Diane Tarte, Marine Ecosystem Policy Advisors

Diane Tarte is Director of Marine Ecosystem Policy Advisors providing advice on policy and programs addressing research and management of marine, coastal and catchment areas with a particular focus on ecosystem-based management of catchments, waterways and fisheries. Over the past 45 years she has been involved in the protection and management of the Great Barrier Reef and Australian tidal wetland areas, the development of government planning and management policies and legislation focusing on integrated coastal zone management and Oceans Policy, and the involvement of the community in the management of marine protected areas, coastal wetland reserves and rehabilitation of riparian zones. She is a Non-Executive Director for Alluvium Holdings and Alluvium Consulting Australia; chairs the board of TierraMar Ltd/OceanEarth Foundation and the technical working group for three Great Barrier Reef regional report card partnerships; and is a member of the Reef 2050 Plan Advisory Committee and CSIRO’s Environment Advisory Group.

Rob Gell AM

Rob is a coastal geomorphologist by training, who taught Physical Geography and Environmental Science at Melbourne State College and Melbourne University, before a thirty-one year career presenting television weather in parallel with a career as an environmental consultant. He is a director of a range of sustainable technology companies, President of the Royal Society of Victoria, a Fellow of the Royal Geographical Society, an Inaugural Fellow of the Environment Institute of Australia and New Zealand and a Member of the Order of Australia for significant service to conservation, to the protection of coastal and marine environments, and to the community.

Adam Lovell, WSAA

Adam is the Executive Director of the Water Services Association of Australia (WSAA), the peak body for water utilities in Australia and New Zealand, a position he commenced in 2011.  Prior to his current role, Adam developed an extensive water industry career including roles at Anglian Water (UK), University of Sydney and Sydney Water, primarily in research and innovation. Adam provides national leadership in policy positions for the Australian water sector on issues including industry reform, water security and quality, climate change, customer and community engagement and First Nations water services. Adam also holds a non-executive Board role for the Global Water Research Coalition and is a member of a number of state and national advisory committees.

Dr Allan Dale, JCU

Allan Dale is a Professor of Tropical Regional Development at The Cairns Institute, James Cook University and Chief Scientist for the Cooperative Research Centre for Developing Northern Australia (CRCNA).
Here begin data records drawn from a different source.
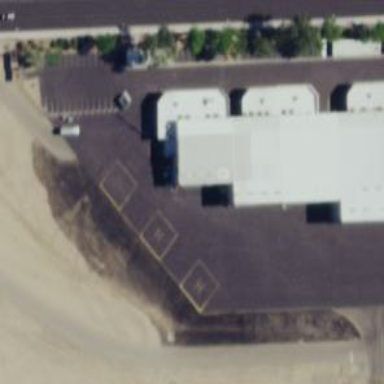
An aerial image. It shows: Image of helipad at airport.
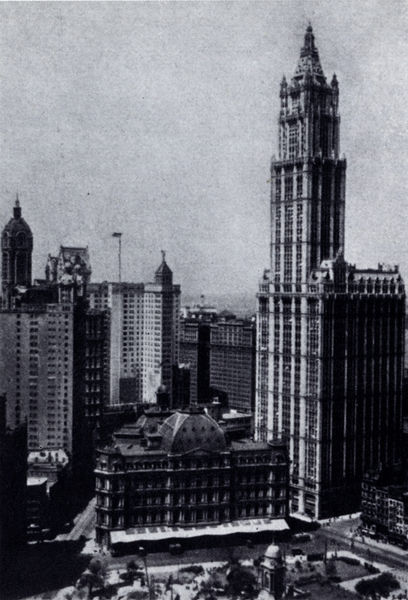
Titel: Ansicht des Gebäudes und Umgebung
Künstler: Cass Gilbert
Standort: New York (New York)
Institution: Woolworth Building
Schlagwörter: dunkel, himmel, weiß, wolken, bäume, stadt, fenster, grau, schwarz, straße, dach, gebäude, haus, wolke, architektur, bild, häuser, kirche, spitzen, turm, düster, ansicht, enge, fassade, fassaden, fahne, dächer, amerika, platz, industrie, kuppel, foto, fotografie, photographie, straßen, türme, beton, schwarzweiß, photo, etagen, geschosse, usa, hochhaus, großstadt, hochhäuser, wolkenkratzer, new york, körnig, philadelphia, chicago, boston, empire state building, stahlbauweise, 20er jahre, wolkenkartzer, wolkenktartzer, schwarz-weiß-bild
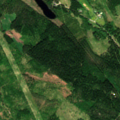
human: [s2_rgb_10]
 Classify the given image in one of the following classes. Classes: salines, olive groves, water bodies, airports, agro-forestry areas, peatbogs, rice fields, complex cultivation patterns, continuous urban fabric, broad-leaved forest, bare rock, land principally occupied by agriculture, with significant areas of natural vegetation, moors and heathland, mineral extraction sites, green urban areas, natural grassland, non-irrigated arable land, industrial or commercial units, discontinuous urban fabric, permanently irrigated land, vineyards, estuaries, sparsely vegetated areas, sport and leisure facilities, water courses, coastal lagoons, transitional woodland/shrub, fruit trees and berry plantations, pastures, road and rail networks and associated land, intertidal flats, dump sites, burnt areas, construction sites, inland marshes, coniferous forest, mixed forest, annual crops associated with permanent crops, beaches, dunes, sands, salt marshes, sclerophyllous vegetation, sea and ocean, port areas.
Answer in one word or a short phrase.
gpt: coniferous forest, mixed forest, transitional woodland/shrub
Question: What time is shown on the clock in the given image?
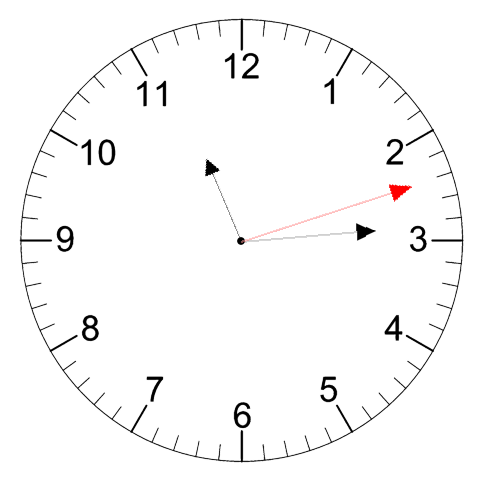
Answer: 11:14:12
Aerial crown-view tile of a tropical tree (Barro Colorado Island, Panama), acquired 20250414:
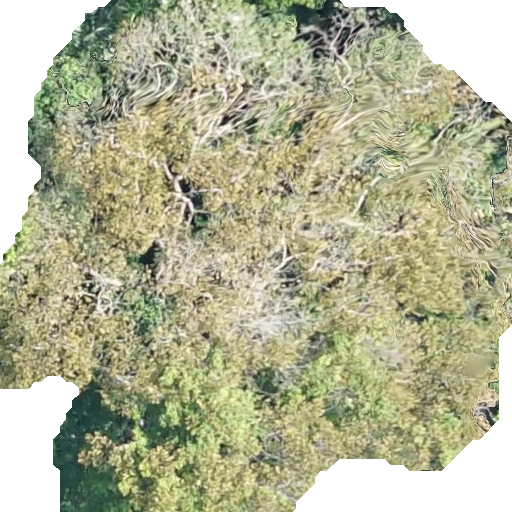
Species: Dipteryx oleifera
GBIF accepted scientific name: Dipteryx oleifera
Crown area: 350.191 m²
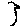
Label: bird
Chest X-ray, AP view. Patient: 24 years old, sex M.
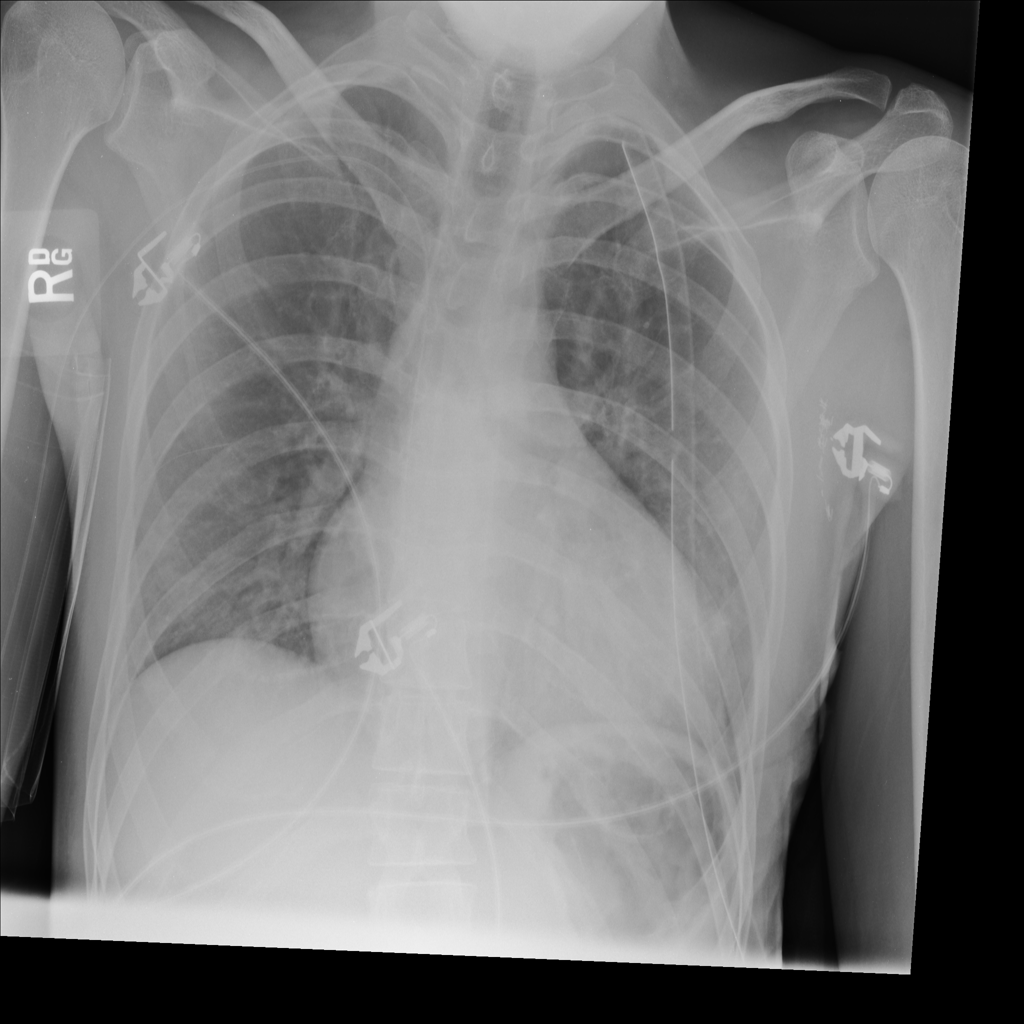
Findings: Cardiomegaly, Infiltration
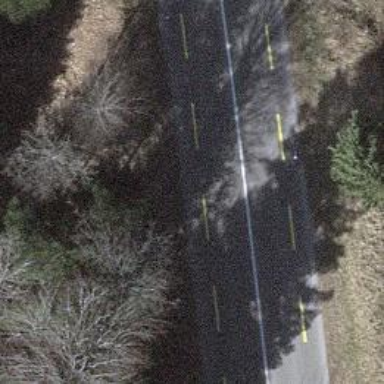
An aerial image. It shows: Tertiary road with asphalt surface including cycle lane.

Allan has a strong interest in integrated societal governance, with a particular focus across the tropical world, northern Australia and the Great Barrier Reef. He leads JCU’s contributions to Queensland’s Rural Economies Centre of Excellence (RECoE), Queensland’s Communities in Transition Program and emerging new approaches to Collective Impact for Social Development. He works extensively with governments, regional and local communities on issues related to economic, social and Indigenous development, water and natural resource management. Allan is Deputy Chair of the Premier’s Queensland Plan Ambassador Council. He was previously the Chair of Regional Development Australia Far North Queensland and Torres Strait (RDA FNQ&TS) and the ex-CEO of Terrain NRM.

Kaj Lofgren, Regen Melbourne

Kaj (pronounced Kai) is the CEO of Regen Melbourne, an engine for ambitious collaboration, in service of Melbourne. Our purpose is to create a resilient and regenerative Melbourne, for our kids and future generations. Powered by an alliance of more than 180 organisations,  Regen Melbourne is the catalyst and host of a portfolio of bold projects that are moving Melbourne towards a regenerative future.  Kaj is also the Entrepreneur in Residence at Small Giants Academywhere he collaborates on the Academy’s education and storytelling initiatives. A Civil Engineer by training, Kaj holds a Masters of Economic History from Lund University and has previously worked in social enterprise, impact investment and community development with Engineers Without Borders.

Toss Gascoigne

Toss is a global specialist in science communication. He has run hundreds of training workshops in Australia, the Pacific and 25 other countries including Germany, Kenya, Columbia, India, the Philippines, Saudi Arabia and Papua New Guinea. These workshops have focussed on science communication, how to reach different audiences and explain complex concepts.  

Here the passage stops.